I'm scrapping some pages and extracting some textual information and eventually images. As not all pages have images, I would like to create subfolders named with the title of the pages and store the respective images in them. For example: If an image was found on a page that has the title Junior Architect, a subfolder will be created in the IMAGES_STORE directory with the name Junior Architect.
What I've done so far is like this on the spider code:
class JobsSpider(scrapy.Spider):
[...]
def parse_listing(self, response): #called by "parse" method
[...]
image_thumbs = response.xpath('//div[@id="thumbs"]/a/@href').extract()
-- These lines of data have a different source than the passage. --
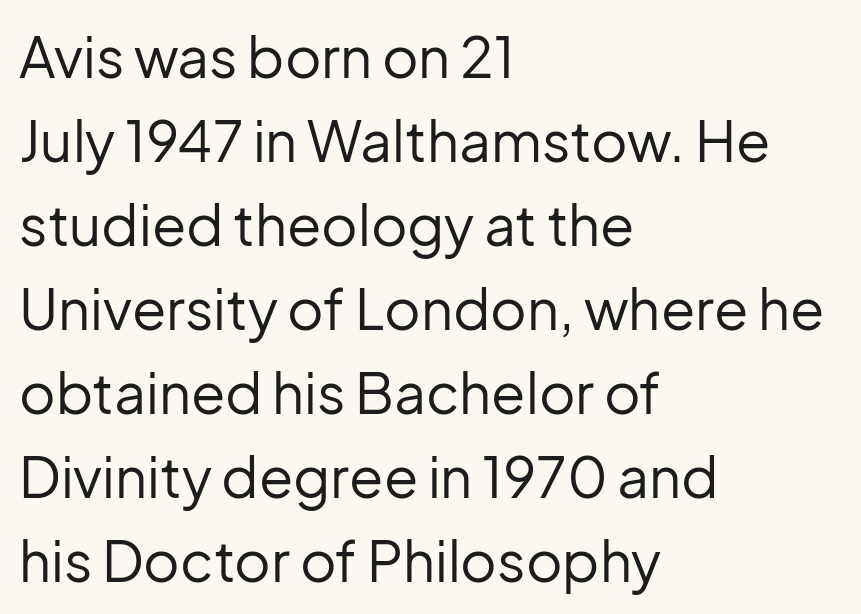
Q: Is the text bold? A: No.
Q: Is the text italic (slanted)? A: No, it is upright.
Q: Is the typeface a serif or a sans-serif typeface? A: Sans-serif.
Q: Is the text underlined? A: No.
Q: How is the paragraph aligned? A: Left-aligned.
Q: Is the spacing between letters normal or unusually wide? A: Normal.
Q: Is the spacing between lines tight, normal or loose? A: Normal.
Q: Width (condensed, normal, or wide)? A: Normal.
Q: Stroke contrast? A: Low.
Q: x-height? A: Medium.
Q: Monospaced? A: No.
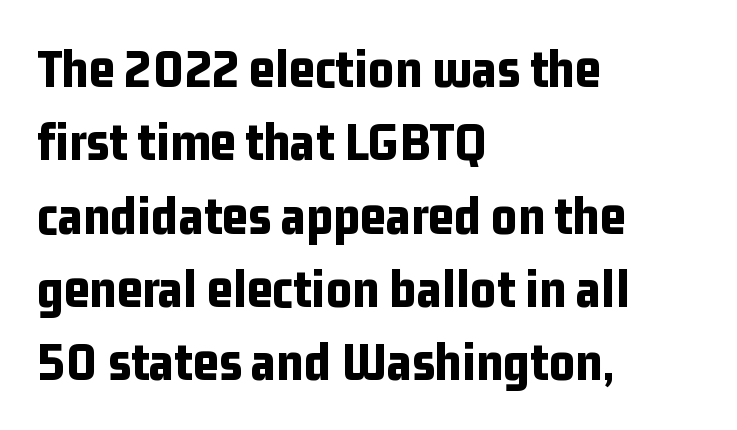
The image shows 56 px bold, condensed sans-serif type, upright; set left-aligned, normal line spacing (1.31x), normal letter spacing, not underlined; low stroke contrast and a medium x-height.
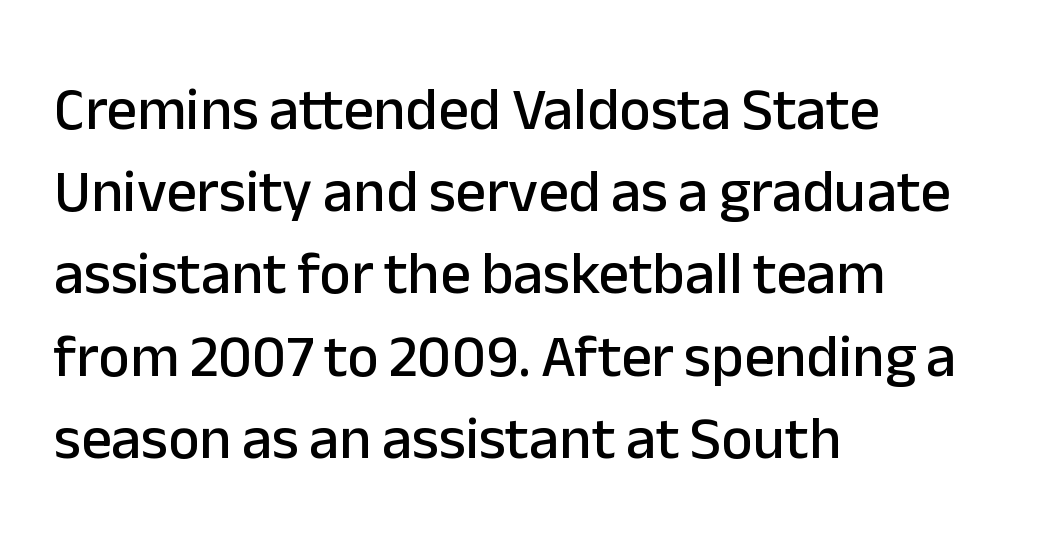
Q: Is the text italic (slanted)? A: No, it is upright.
Q: Is the typeface a serif or a sans-serif typeface? A: Sans-serif.
Q: Is the text underlined? A: No.
Q: How is the paragraph aligned? A: Left-aligned.
Q: Is the spacing between letters normal or unusually wide? A: Normal.
Q: Is the spacing between lines tight, normal or loose? A: Normal.
Q: Width (condensed, normal, or wide)? A: Normal.
Q: Stroke contrast? A: Low.
Q: x-height? A: Medium.
Q: Monospaced? A: No.
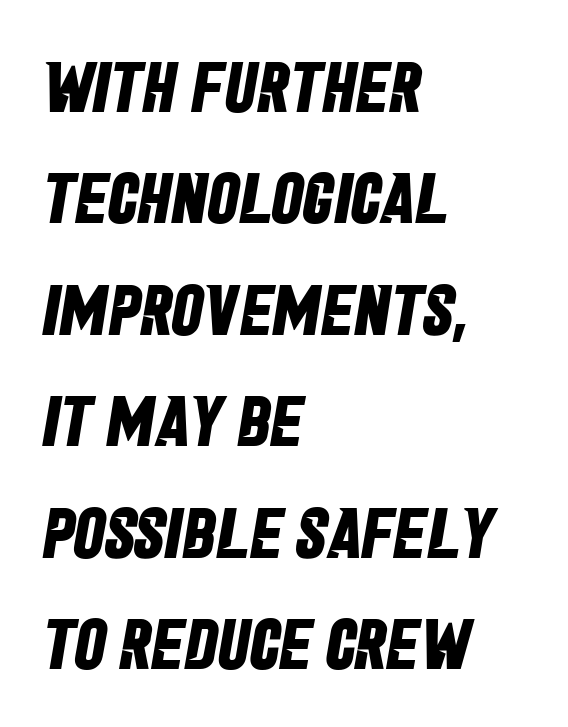
Successive baselines arrive at the customary interval. What weight is shown? A full bold with thick strokes. These lines keep a tight, regular rhythm from letter to letter. Typeset ragged right — the left edge is the straight one. Here the designer chose a conventional face with non-uniform glyph widths.
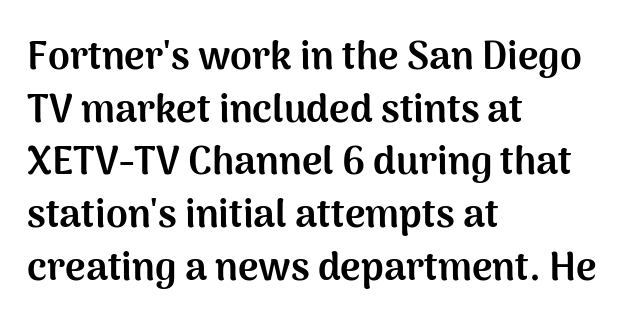
Tracking value appears to be zero — textbook default spacing. The vertical gap from one line to the next is medium. Descenders hang freely into open space. The rendering uses natural spacing where letterforms have individual widths. Does the lettering tilt? It doesn't — this is upright.
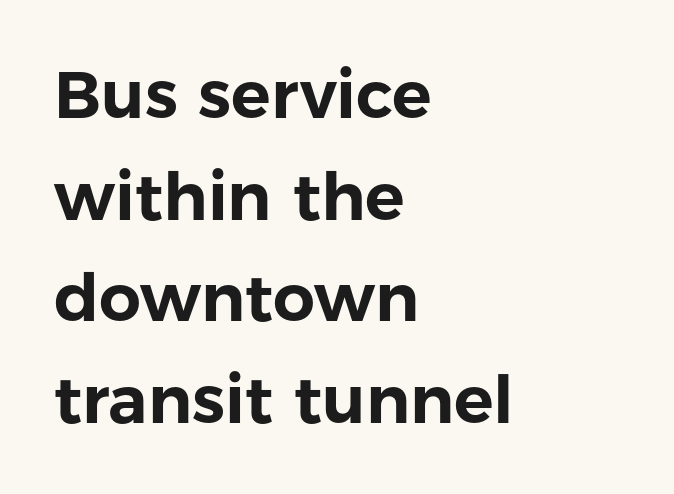
Casual observation: everything's shoved over to the left. A clean baseline with only descenders dipping below it. You could not count columns in this text — the font is proportionally spaced. If you drew a line through each stem, it would be perfectly vertical.
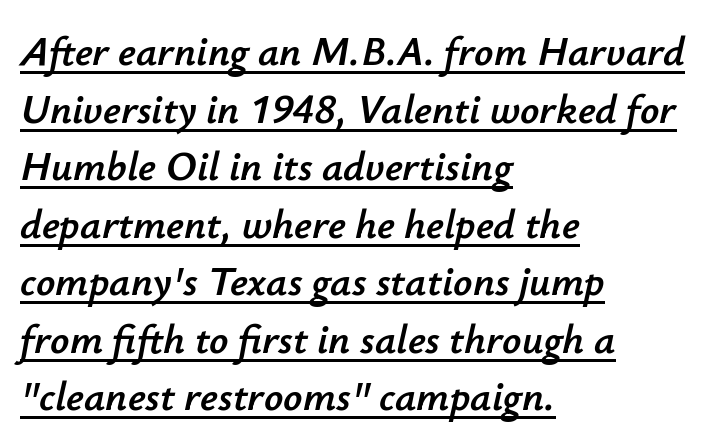
{"italic": "yes", "lean": "right", "slant_degrees": 12, "width": "normal", "stroke_contrast": "low", "x_height": "small", "monospaced": "no", "underline": "yes", "align": "left", "line_spacing": "normal", "line_spacing_ratio": 1.37, "letter_spacing": "normal", "letter_spacing_em": 0.0, "glyph_px": 42}
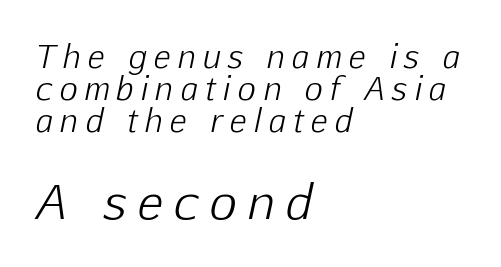
The image shows 47 px light type, italic (leaning right); set left-aligned, tight line spacing (1.04x), unusually wide letter spacing (+0.25 em), not underlined; the second (bottom) block is 1.52x larger; low stroke contrast and a medium x-height.
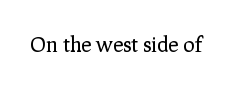
{"italic": "no", "bold": "no", "underline": "no", "letter_spacing": "normal", "letter_spacing_em": 0.0, "glyph_px": 21}
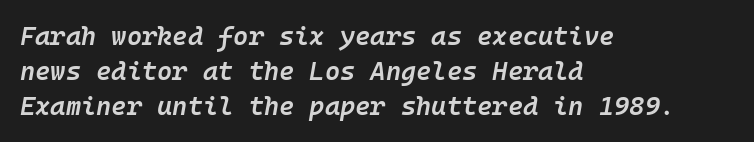
Glyph-to-glyph distance matches everyday printed text. The passage shown stacks its lines at a standard gap. You can tell it's italic because the verticals aren't actually vertical. Horizontal alignment here is leftward, the default for most running prose. The font is running at a semibold setting, under full bold.
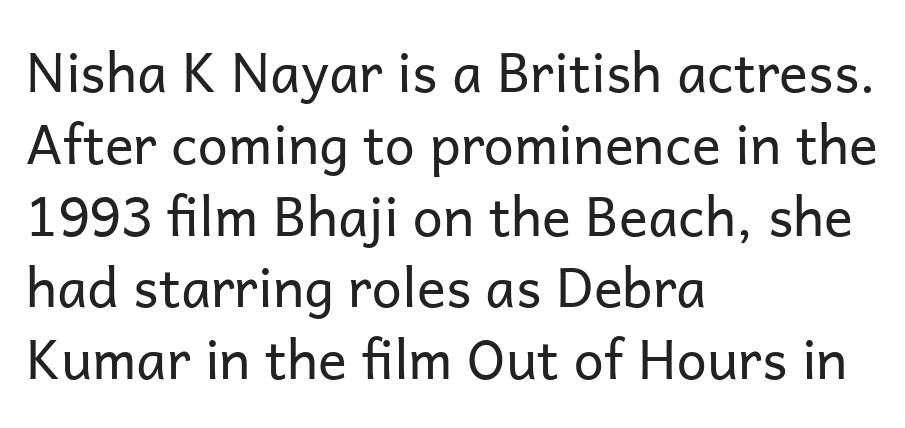
Does the lettering tilt? It doesn't — this is upright. The setting favours the left margin, as ordinary paragraphs usually do. Notice how descenders clear the ascenders below comfortably — that's standard leading. Only glyphs here, with clear space below each row.
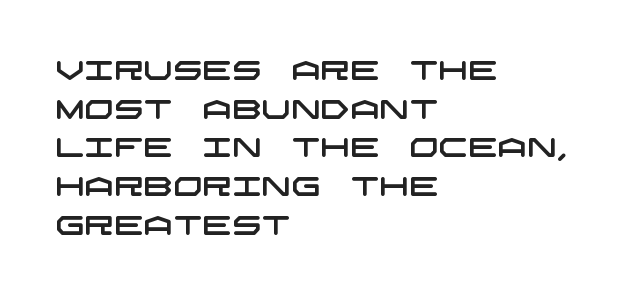
The gap between lines stays unmarked. A typesetter would call this zero additional tracking. A student would call this left alignment; a typographer would say flush left, rag right. A typesetter would call this leading conventional body-copy spacing.
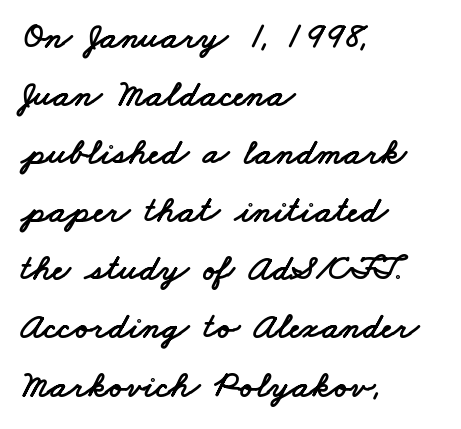
A bare baseline throughout the passage. Spacing verdict: proportional, widths tailored to each character. Examine the stroke ends and you'll find no serifs. The gaps between neighbouring characters are ordinary and unremarkable. All the whitespace from short lines collects on the right.
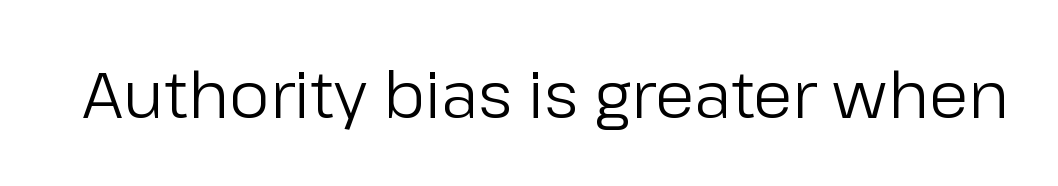
{"serif": "no", "italic": "no", "bold": "no", "weight": "regular", "width": "normal", "stroke_contrast": "low", "x_height": "medium", "monospaced": "no", "underline": "no", "letter_spacing": "normal", "letter_spacing_em": 0.0, "glyph_px": 64}
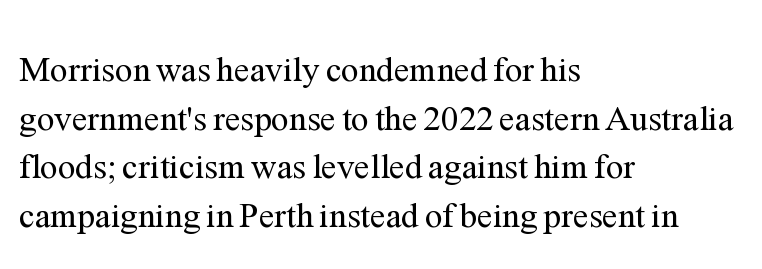
Do the characters align in a grid? No, the font is proportional. Horizontally, the lines are justified to the leading edge only. A clean baseline with only descenders dipping below it. Characters follow at the spacing the type designer built in. The specimen reads as upright at a glance. Evenly set lines give the paragraph a standard silhouette.
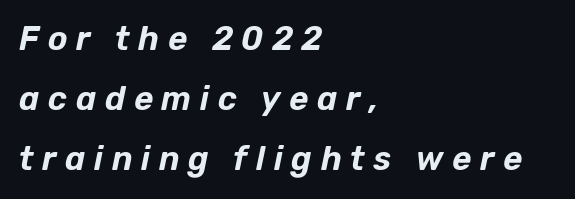
{"italic": "yes", "lean": "right", "slant_degrees": 12, "width": "normal", "stroke_contrast": "low", "x_height": "medium", "monospaced": "no", "underline": "no", "align": "left", "line_spacing_ratio": 1.82, "letter_spacing": "wide", "letter_spacing_em": 0.26, "glyph_px": 33}
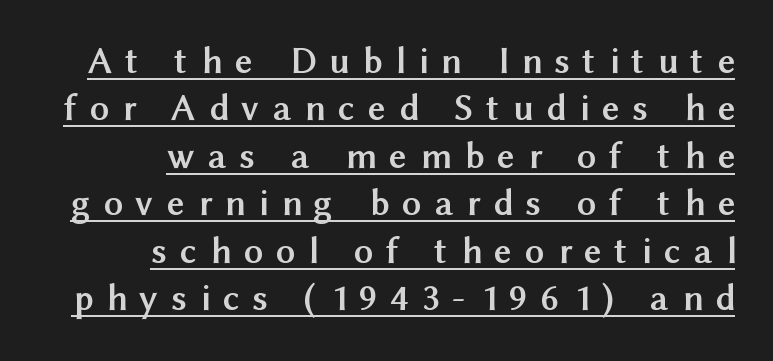
The passage shown is typed in a proportional face where columns would drift. One glance says typical: line gaps are just what's usual. This sample uses expanded letter spacing, leaving extra air between glyphs. These characters rest on top of a visible drawn line.
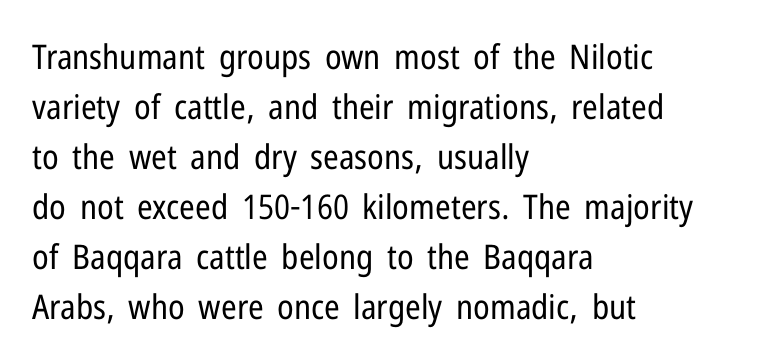
Check where the strokes stop: nothing finishes them off — pure sans. Does the copy run flush right? No — it runs flush left. The designer left line spacing at the default. Nobody drew a line under any word here. Each stroke keeps to a modest, everyday thickness or less.
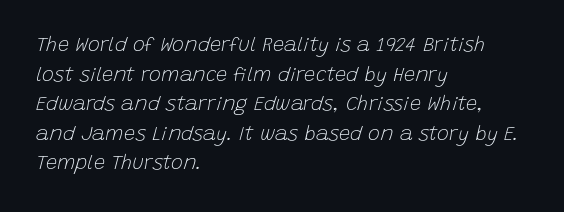
Q: Is the text bold? A: No.
Q: Is the text italic (slanted)? A: Yes, it leans right by about 15 degrees.
Q: Is the text underlined? A: No.
Q: How is the paragraph aligned? A: Left-aligned.
Q: Is the spacing between letters normal or unusually wide? A: Normal.
Q: Is the spacing between lines tight, normal or loose? A: Normal.
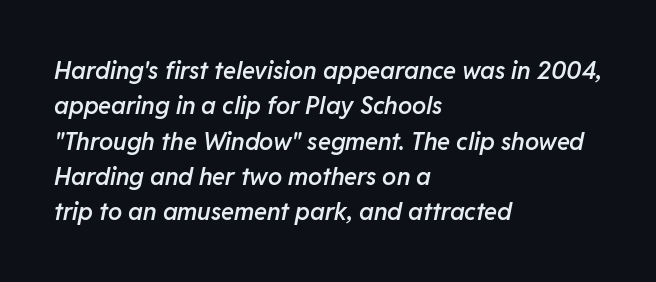
The image shows 24 px text type, italic (leaning right); set left-aligned, normal line spacing (1.47x), normal letter spacing, not underlined.
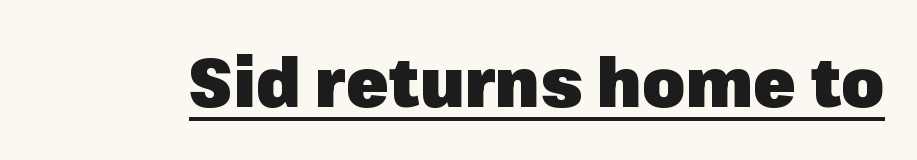
The image shows 69 px heavy sans-serif type, upright; set normal letter spacing, underlined; low stroke contrast and a medium x-height.
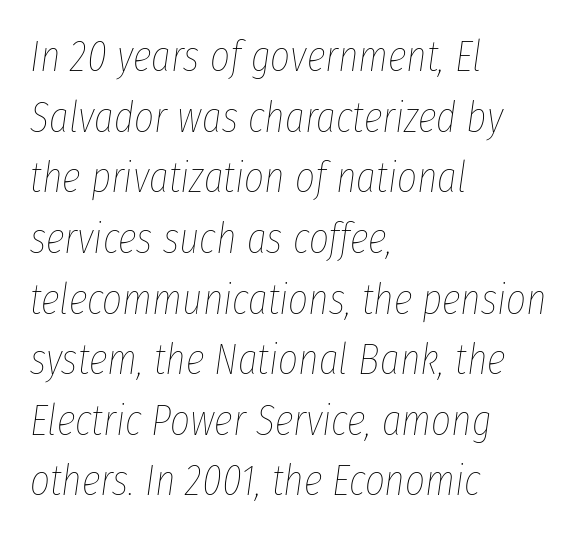
Observe the lean: these are italic letterforms. This sample uses plain, unmodified letter spacing. If you drew a ruler down the left edge, every line would touch it. The words here are not underlined. Proportional: the letters do not fall into vertical columns. The line-height multiplier appears to be the usual default.
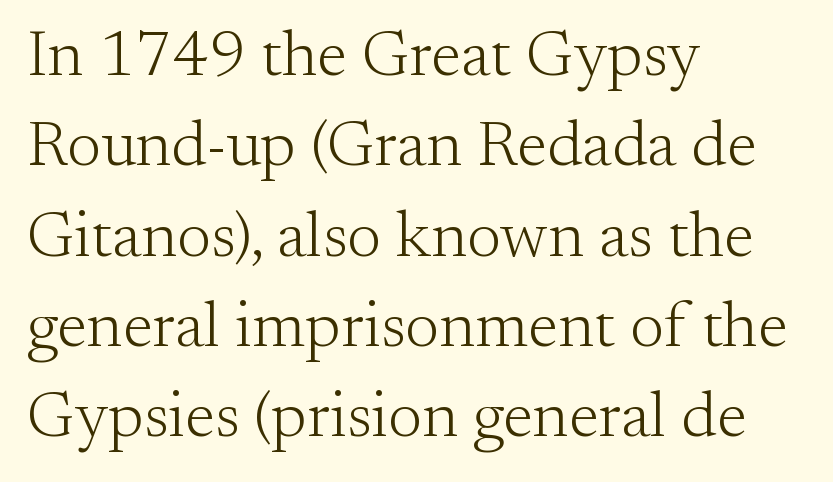
Character widths vary here, with narrow letters taking less room than wide ones. Glance below the letters and you will spot only blank space. Horizontally, the lines are justified to the leading edge only. The passage shown is typeset with a serif family.
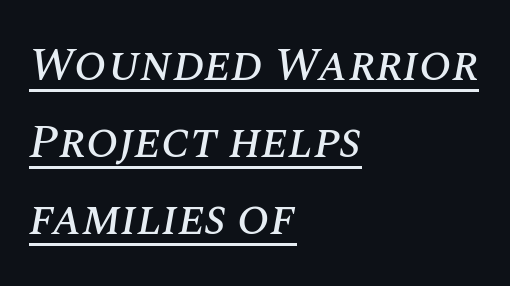
{"italic": "yes", "lean": "right", "slant_degrees": 10, "width": "normal", "stroke_contrast": "medium", "x_height": "large", "monospaced": "no", "underline": "yes", "align": "left", "line_spacing": "normal", "line_spacing_ratio": 1.6, "letter_spacing": "normal", "letter_spacing_em": 0.0, "glyph_px": 48}
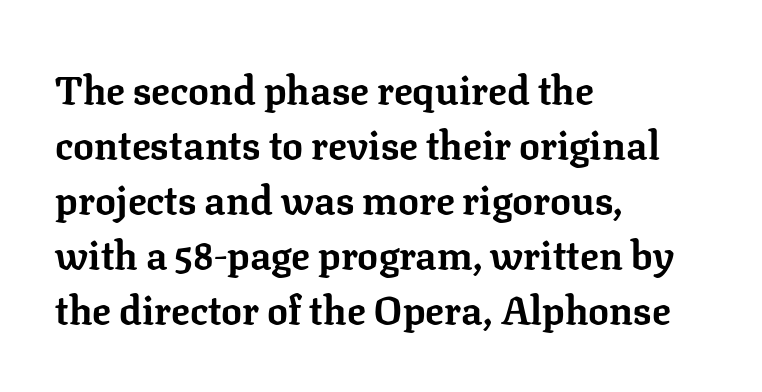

for image in image_thumbs:
yield scrapy.Request(image,callback=self.parse_images,meta={'image':image})
image_swipe_wrap = response.xpath('//div[@class="swipe-wrap"]/div/img/@src').extract()
for image in image_swipe_wrap:
yield scrapy.Request(image,callback=self.parse_images,meta={'image':image})
[...]
yield CraigslistItem(date=[date], link=[link], text=[text], compensation=[compensation], employment_type=[employment_type],
lat=[lat], long=[long], description=[description])
def parse_images(self, response):
image_urls = response.meta['image']
yield CraigslistItem(image_urls=[image_urls])
image_thumbs and image_swipe_wrap store the URLs of images to be downloaded.
This is my items.py:
class CraigslistItem(scrapy.Item):
date = scrapy.Field()
link = scrapy.Field()
text = scrapy.Field()
compensation = scrapy.Field()
employment_type = scrapy.Field()
lat = scrapy.Field()
long = scrapy.Field()
description = scrapy.Field()
image_urls = scrapy.Field()
images = scrapy.Field()
The settings.py:
ITEM_PIPELINES = {
'scrapy.pipelines.images.ImagesPipeline': 1,
'craigslist.pipelines.CraigslistPipeline': 2
}
IMAGES_STORE = '/home/higo/Imagens/craiglist'
DOWNLOAD_DELAY = 2
The textual information (date, link, text, compensation, employment_type, lat, long and description) are are being correctly extracted. The images are also extracting correctly, but so far I haven't been able to develop an approach that allows me to download them and store them in subfolders with the page title (this information is stored in the text item): they are being saved on IMAGES_STORE/full.
I've tried, without success, some approaches in pipelines.py like this and this one. Could someone help me with an implementation that works the way I want?